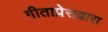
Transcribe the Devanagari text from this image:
गीताप्रेसद्वारा
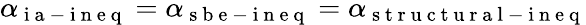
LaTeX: \alpha_{\mathrm{~i~a~-~i~n~e~q~}}=\alpha_{\mathrm{~s~b~e~-~i~n~e~q~}}=\alpha_{\mathrm{~s~t~r~u~c~t~u~r~a~l~-~i~n~e~q~}}
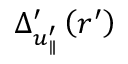
\Delta _ { u _ { \parallel } ^ { \prime } } ^ { \prime } \left( r ^ { \prime } \right)
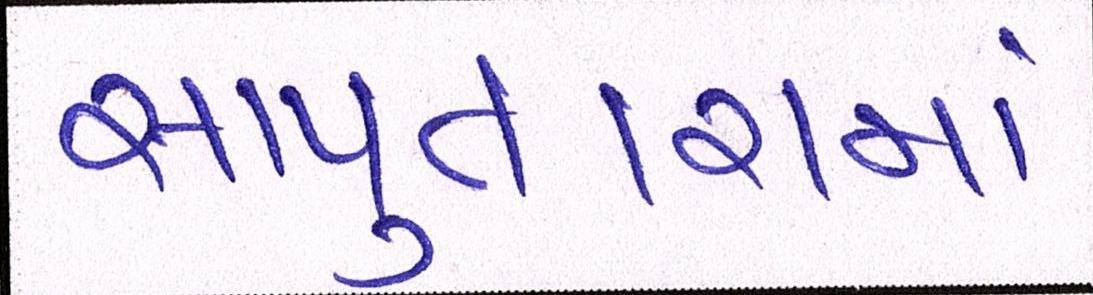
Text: સાપુતારામાં
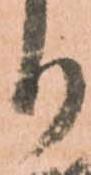
り
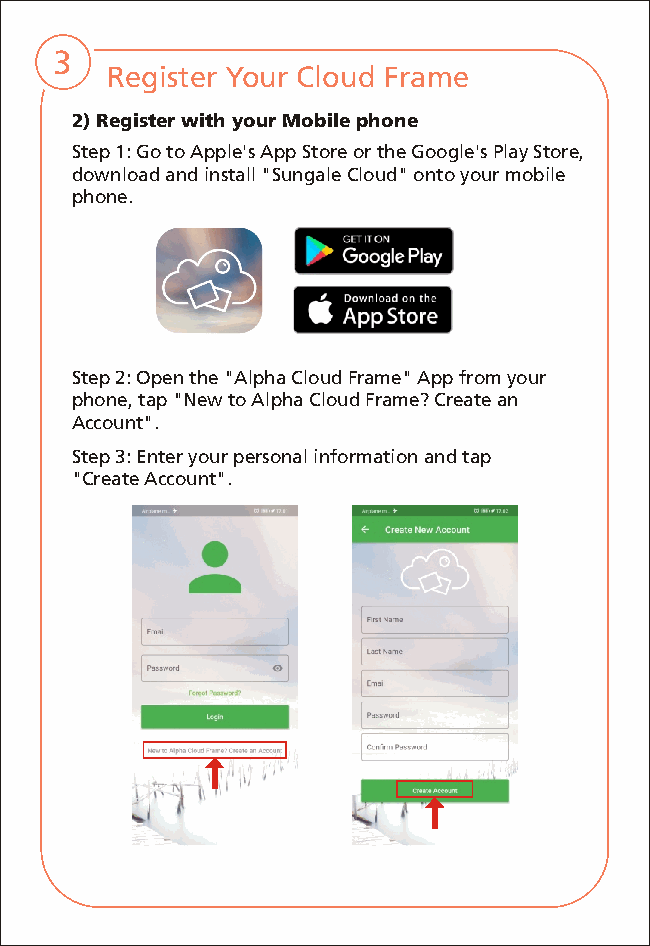
3
 Register Your Cloud Frame
 2) Register with your Mobile phone
 Step 1: Go to Apple's App Store or the Google's Play Store,
 download and install "Sungale Cloud" onto your mobile
 phone.
 Step 2: Open the "Alpha Cloud Frame" App from your
 phone, tap "New to Alpha Cloud Frame? Create an
 Account".
 Step 3: Enter your personal information and tap
 "Create Account".
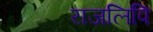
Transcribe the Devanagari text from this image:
राजलिपि
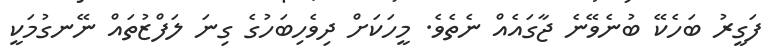
ފަގީރު ބަހެކޭ ބުނެވޭނެ ޖާގައެއް ނެތެވެ. މީހަކަށް ދިވެހިބަހުގެ ގިނަ ލަފްޒުތައް ނޭނގުމަކީ
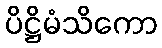
ပိဋ္ဌိမံသိကော
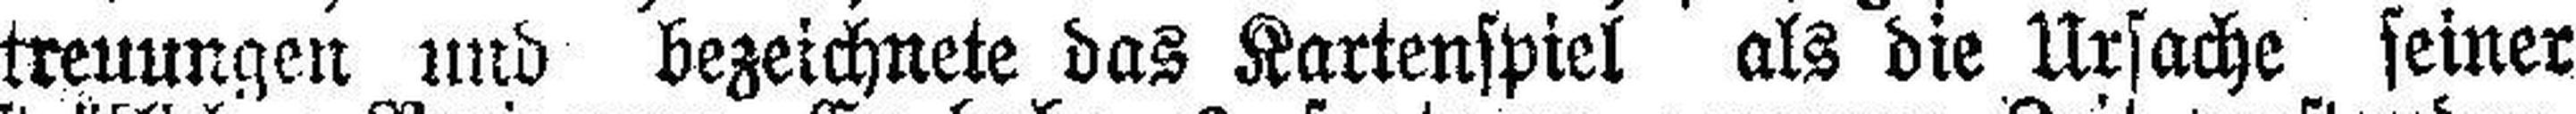
treuungen und bezeichnete das Kartenspiel als die Ursache seiner
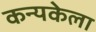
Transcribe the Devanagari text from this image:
कन्यकेला
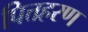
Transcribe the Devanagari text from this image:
पित्तहरण
|---|
◆ **Exercise details**
Copy all of the entries verbatim, leaving out any pictures they contain.

◆ **Task solution**
Transcribe the Devanagari text from this image:
गीताप्रेसद्वारा
LaTeX: \alpha_{\mathrm{~i~a~-~i~n~e~q~}}=\alpha_{\mathrm{~s~b~e~-~i~n~e~q~}}=\alpha_{\mathrm{~s~t~r~u~c~t~u~r~a~l~-~i~n~e~q~}}
\Delta _ { u _ { \parallel } ^ { \prime } } ^ { \prime } \left( r ^ { \prime } \right)
Text: સાપુતારામાં
り
3
 Register Your Cloud Frame
 2) Register with your Mobile phone
 Step 1: Go to Apple's App Store or the Google's Play Store,
 download and install "Sungale Cloud" onto your mobile
 phone.
 Step 2: Open the "Alpha Cloud Frame" App from your
 phone, tap "New to Alpha Cloud Frame? Create an
 Account".
 Step 3: Enter your personal information and tap
 "Create Account".
Transcribe the Devanagari text from this image:
राजलिपि
ފަގީރު ބަހެކޭ ބުނެވޭނެ ޖާގައެއް ނެތެވެ. މީހަކަށް ދިވެހިބަހުގެ ގިނަ ލަފްޒުތައް ނޭނގުމަކީ
ပိဋ္ဌိမံသိကော
treuungen und bezeichnete das Kartenspiel als die Ursache seiner
Transcribe the Devanagari text from this image:
कन्यकेला
Transcribe the Devanagari text from this image:
पित्तहरण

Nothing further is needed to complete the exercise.